Happy fishing everyone, I really appreciate all of your input...


----------



## Arlon (Feb 8, 2005)

If they both broke in the middle and you got them at the same time, I'd bet they where "bruised" when they got shipped. I've had it happen before. If a cardboard tube has as much as a slight dent in it, look you blanks over VERY carefully for any tiny crushed areas. They can be really hard to spot until the first time you set a hook. 

Another possibility is if the rod broke in the middle right at or under a guide foot, you may be using enough thread tension to crush the guide foot into the blank. I always under wrapped my guides to give them a little cushion and never had a problem myself. 

I'd blame the shipper unless I could ID some fault of my own.

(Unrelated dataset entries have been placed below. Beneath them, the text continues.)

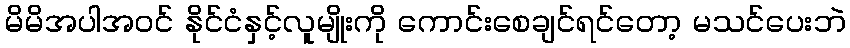
မိမိအပါအဝင် နိုင်ငံနှင့်လူမျိုးကို ကောင်းစေချင်ရင်တော့ မသင်ပေးဘဲ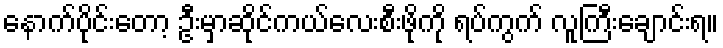
နောက်ပိုင်းတော့ ဦးမှာဆိုင်ကယ်လေးစီးဖိုကို ရပ်ကွက် လူကြီးချောင်းရ။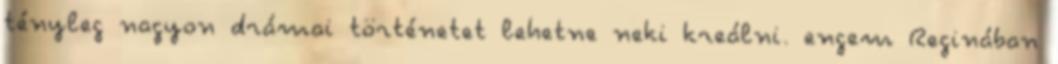
tényleg nagyon drámai történetet lehetne neki kreálni. engem Reginában

If your "killer" hook set was into a stump with spider wire line, that might be another problem. (-:}


----------



## OwenD (Mar 31, 2008)

These days I make a point of loading a blank really hard BEFORE I build on it.
I don't know if my blood pressure could take doing a 50 hour weave and seeing it snap the first time I hooked a fish sad4sm


----------



## pg542 (Oct 9, 2006)

OwenD said:


> These days I make a point of loading a blank really hard BEFORE I build on it.
> I don't know if my blood pressure could take doing a 50 hour weave and seeing it snap the first time I hooked a fish sad4sm


Great idea.


----------